Further, in order to better ensure the consistency of data during the switching of the storage databases, the execution module 300 is further configured to obtain a current log file list of the local database; scanning is started from the last log file in the current log file list, and the last position of the local database is obtained from the last event of the last log file; and if the last event cannot be found from the last log file, scanning the last log file of the last log file until the last event is found.
Specifically, when the host database service is abnormal, the DBAgent acquires the last GTID position last _ pos of the database by calling the mysql brinlog tool.
And acquiring a current binlog file list through index files under a database binlog binary log folder.
Then, scanning is started from the last binlog LOG file, the last GTID EVENT (GTID _ LOG _ EVENT) of the binlog file is found through scanning, and the obtained last GTID is last _ pos.
Then, if the current binlog does not find a gtid event, i.e., no transaction commit is recorded in this binlog file, then the last binlog file is scanned and the loop is repeated until the last gtid is found.
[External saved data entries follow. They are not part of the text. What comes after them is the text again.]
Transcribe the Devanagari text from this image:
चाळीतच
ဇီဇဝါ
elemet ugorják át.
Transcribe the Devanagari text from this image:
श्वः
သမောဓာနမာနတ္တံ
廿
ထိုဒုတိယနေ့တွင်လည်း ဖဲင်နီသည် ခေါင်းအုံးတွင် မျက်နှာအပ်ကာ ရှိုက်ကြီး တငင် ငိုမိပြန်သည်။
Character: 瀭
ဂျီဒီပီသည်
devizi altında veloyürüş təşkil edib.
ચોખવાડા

Further, the method for searching the designated gtid _ current _ pos location through the binlog log file is the same as the method for searching last _ pos described above.
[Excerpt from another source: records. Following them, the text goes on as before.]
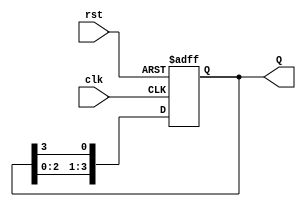
module johnson_counter(
    input wire clk,
    input wire rst,
    output reg [3:0] Q
);

always @(posedge clk or posedge rst)
begin
    if(rst) begin
        Q <= 4'b0000;
    end else begin
        Q <= {Q[2:0], Q[3]};
    end
end

endmodule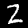
Label: 2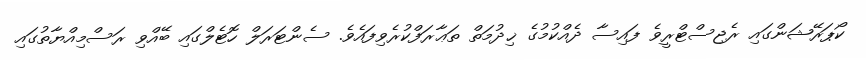
ކޯޕަރޭޝަންގައި ރެޖިސްޓްރީވެ ފައިސާ ދެއްކުމުގެ ޚިދުމަތް ތަޢާރަފްކުރެވިފައެވެ. ސެންޓަރަލް ހޮޓެލްގައި ބޭއްވި ރަސްމިއްޔާތުގައި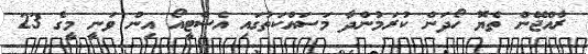
ރާއްޖޭން ތެޔޮ ހޯދަން ކުރަމުންދާ މަސައްކަތުގައި އެސްޓީއޯ އިން ވަނީ މީގެ 23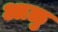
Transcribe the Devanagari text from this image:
आळु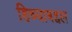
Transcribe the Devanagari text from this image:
हिच्याबद्दल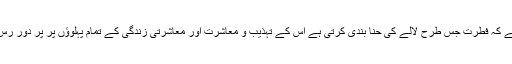
وہ اکثر یہ کہا کرتے تھے کہ فطرت جس طرح لالے کی حنا بندی کرتی ہے اس کے تہذیب و معاشرت اور معاشرتی زندگی کے تمام پہلوؤں پر پر دور رس اثرات مرتب ہوتے ہیں۔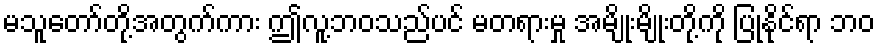
မသူတော်တို့အတွက်ကား ဤလူ့ဘဝသည်ပင် မတရားမှု အမျိုးမျိုးတို့ကို ပြုနိုင်ရာ ဘဝ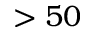
> 5 0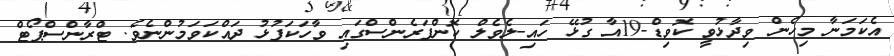
އެކަމަނާ މިހެން ވިދާޅުވީ ކޮވިޑް-19އާ ގުޅޭ ހައި-ލެވެލް ކޮންފަރެންސްގައި ވާހަކަފުޅު ދައްކަވަމުންނެެވެ. ޓްރާންސްޕޯޓް

In addition, as shown in fig. 8, the change of the binlog log position corresponding to the master-slave database before and after the maridb master-slave switching operation is performed.
Wherein, PosA is the position of gtid _ current _ pos in the normal heartbeat message reported last time by the original main database; last _ pos is the maximum GTID position where the Last write transaction of the original master database is actually written into the binlog binary log; PosB is a GTID position corresponding to the last transaction of the binlog log copied from the main database by the database of the original standby machine; when the Last _ pos and the PosB are overlapped and equal, the main data and the standby data are completely consistent, and the main data and the standby data can be automatically switched; when Last _ pos is unknown (abnormal conditions of physical machines such as power failure and network disconnection), and when PosB is larger than or equal to PosA, whether the main data and the standby data are consistent or unknown; after the main and standby machines are switched, the relationship between the Last _ pos position and the PosB needs to be confirmed again after the original host machine recovers the abnormity, if the Last _ pos is larger than the PosB, the binlog difference exists between the main and standby machines, otherwise, the data of the main and standby machines are consistent; when Last _ pos is unknown (abnormal conditions of physical machines such as power failure, network disconnection and the like) and PosB is smaller than PosA, the data of the original standby machine is obviously lagged behind the data of the original host, and the data of the main standby machine is inconsistent.
Through the scheme, the invention provides the main and standby database switching device, which better realizes real-time monitoring and mastering of the synchronous difference condition of the main and standby databases, simplifies operation, ensures data consistency and avoids error switching.
The above description is only a preferred embodiment of the present invention, and not intended to limit the scope of the present invention, and all modifications of equivalent structures and equivalent processes, which are made by using the contents of the present specification and the accompanying drawings, or directly or indirectly applied to other related technical fields, are included in the scope of the present invention.